Segment Open
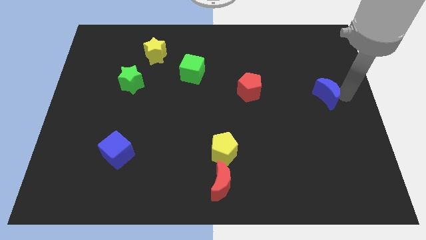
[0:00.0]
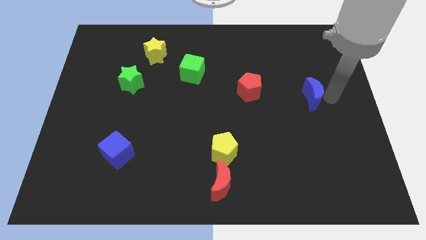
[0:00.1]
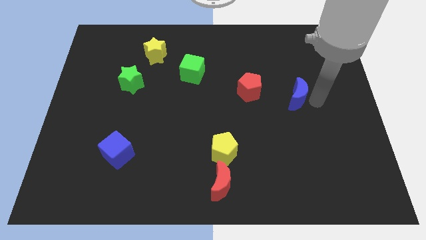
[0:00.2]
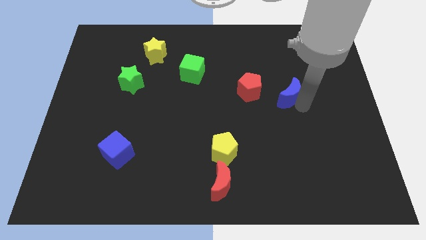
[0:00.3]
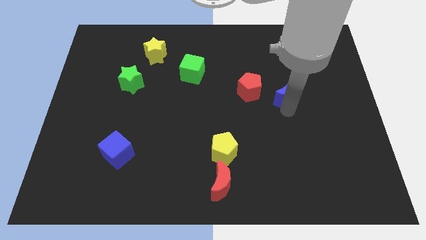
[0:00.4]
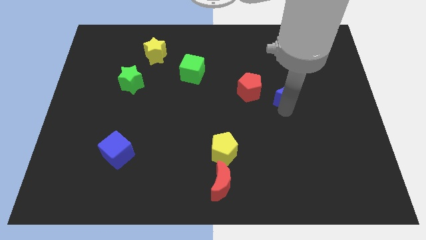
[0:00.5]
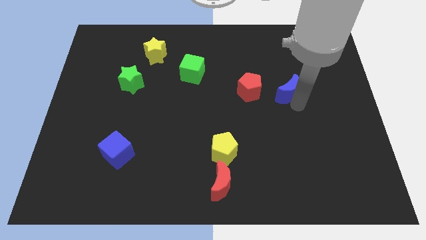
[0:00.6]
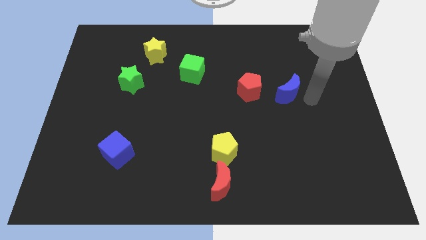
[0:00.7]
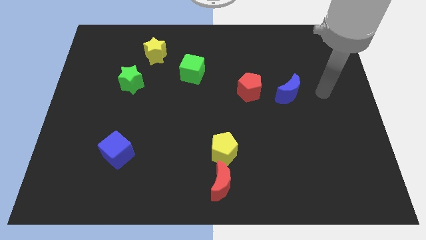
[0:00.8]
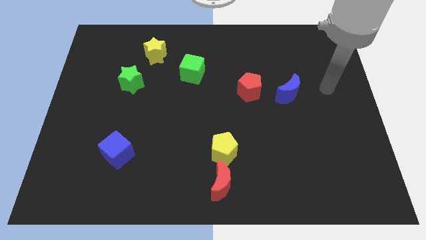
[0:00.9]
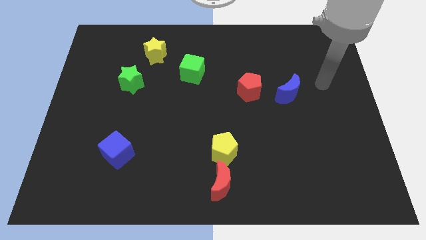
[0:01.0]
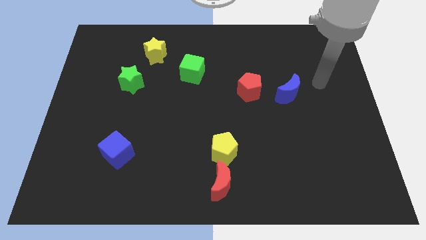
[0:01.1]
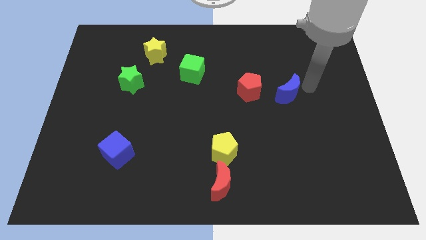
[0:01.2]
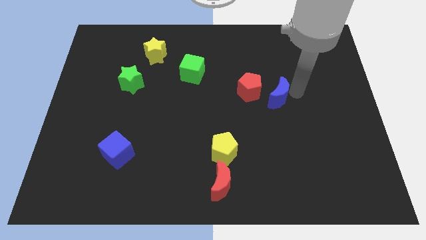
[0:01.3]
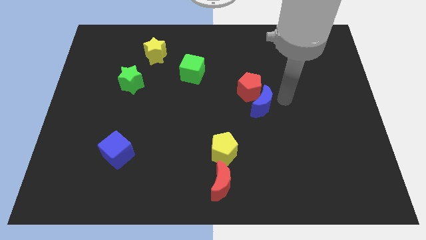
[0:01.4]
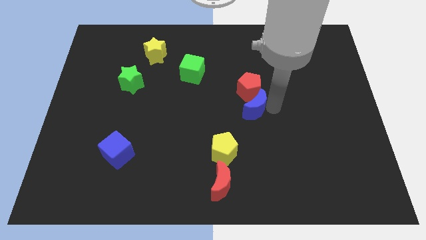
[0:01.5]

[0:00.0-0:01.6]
move the blue moon into the red pentagon

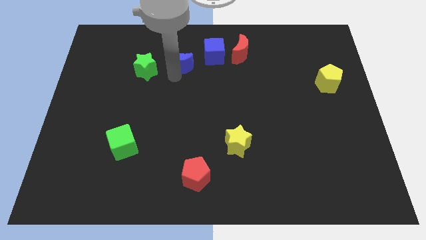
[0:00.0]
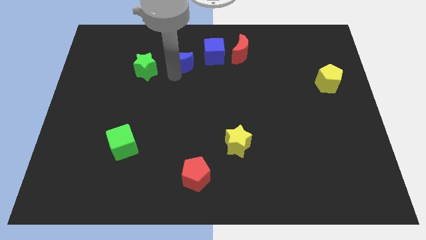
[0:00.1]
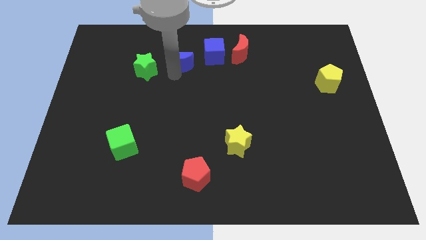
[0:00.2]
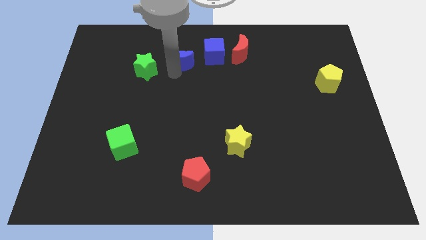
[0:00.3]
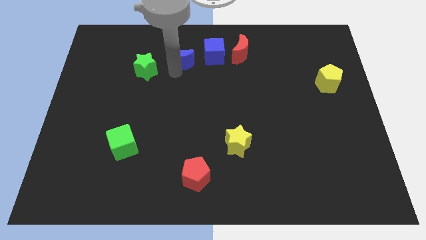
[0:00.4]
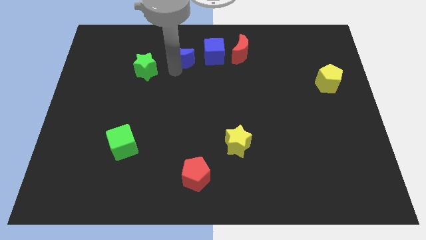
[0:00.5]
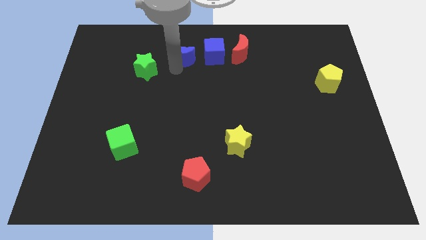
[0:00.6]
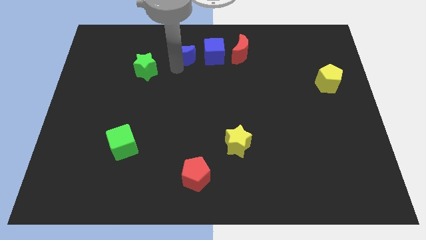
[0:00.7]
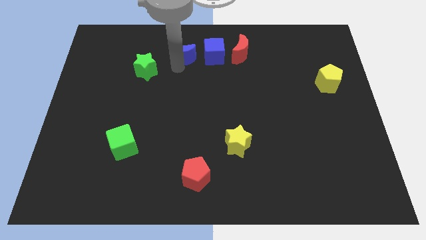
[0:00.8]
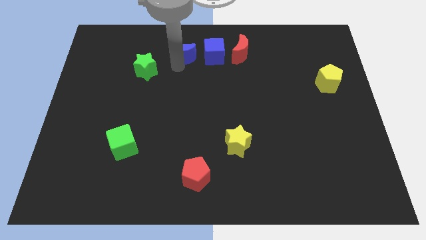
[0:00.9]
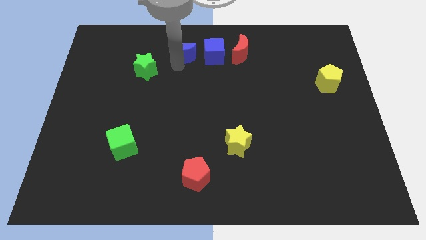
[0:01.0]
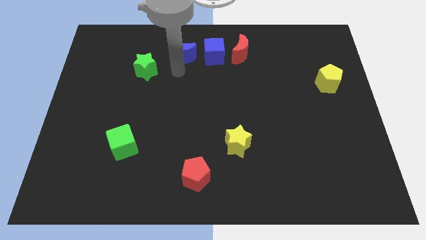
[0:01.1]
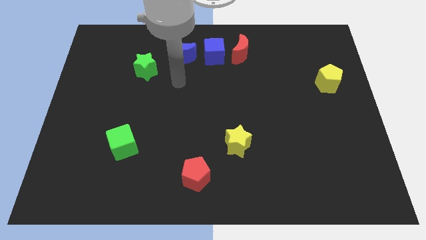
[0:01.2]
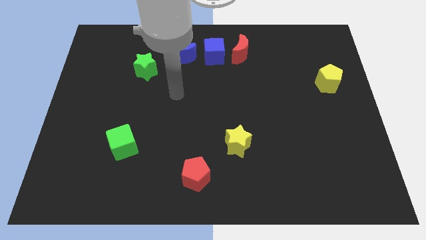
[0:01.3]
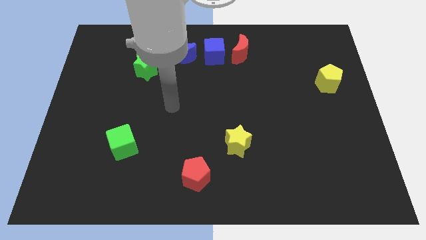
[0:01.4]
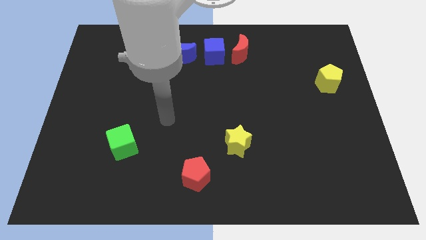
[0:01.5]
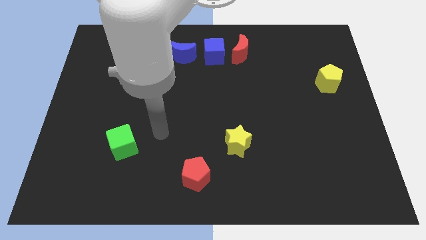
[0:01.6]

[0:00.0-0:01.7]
put the blue moon left to the blue cube

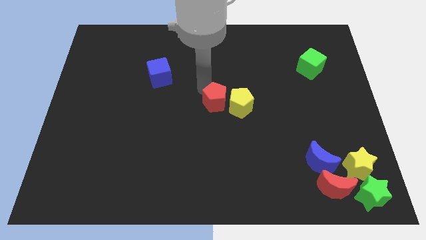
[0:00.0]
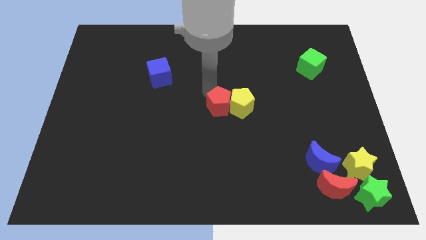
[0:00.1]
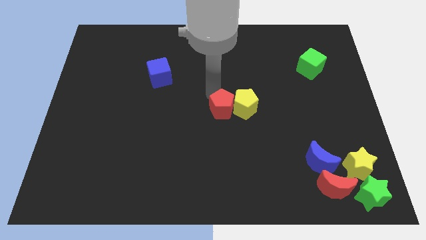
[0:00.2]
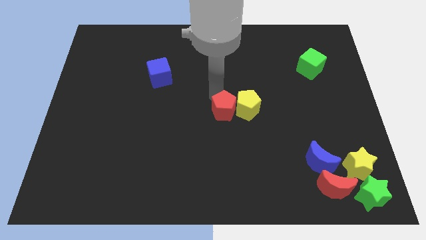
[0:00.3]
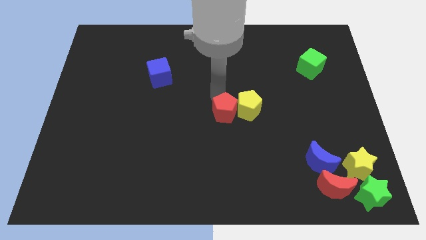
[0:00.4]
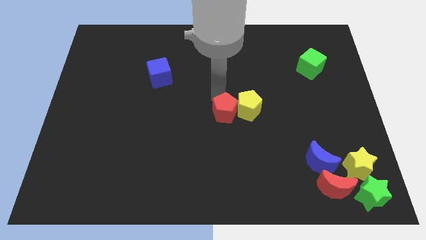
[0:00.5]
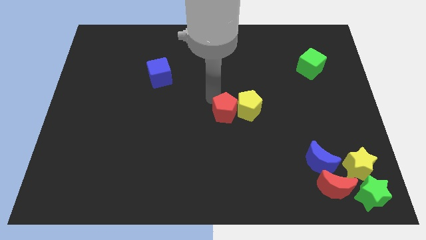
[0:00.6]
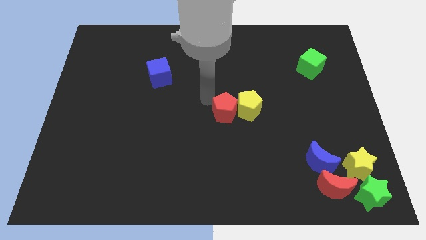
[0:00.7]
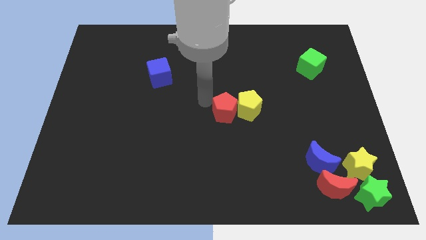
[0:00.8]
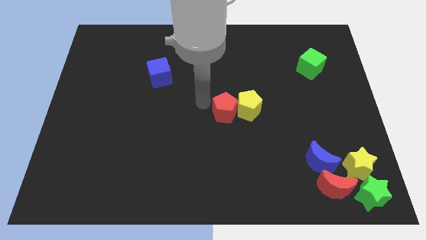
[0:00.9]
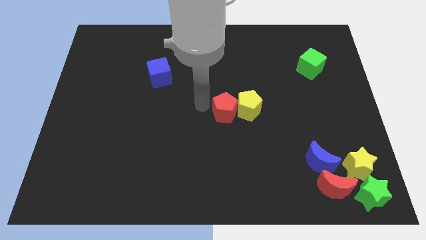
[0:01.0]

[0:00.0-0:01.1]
Segment Closed
Print out the material verbatim, skipping pictures.

[0:00.0]
[0:00.1]
[0:00.2]
[0:00.3]
[0:00.4]
[0:00.5]
[0:00.6]
[0:00.7]
[0:00.8]
[0:00.9]
[0:01.0]
[0:01.1]
[0:01.2]
[0:01.3]
[0:01.4]
[0:01.5]

[0:00.0-0:01.6]
move the blue moon into the red pentagon

[0:00.0]
[0:00.1]
[0:00.2]
[0:00.3]
[0:00.4]
[0:00.5]
[0:00.6]
[0:00.7]
[0:00.8]
[0:00.9]
[0:01.0]
[0:01.1]
[0:01.2]
[0:01.3]
[0:01.4]
[0:01.5]
[0:01.6]

[0:00.0-0:01.7]
put the blue moon left to the blue cube

[0:00.0]
[0:00.1]
[0:00.2]
[0:00.3]
[0:00.4]
[0:00.5]
[0:00.6]
[0:00.7]
[0:00.8]
[0:00.9]
[0:01.0]

[0:00.0-0:01.1]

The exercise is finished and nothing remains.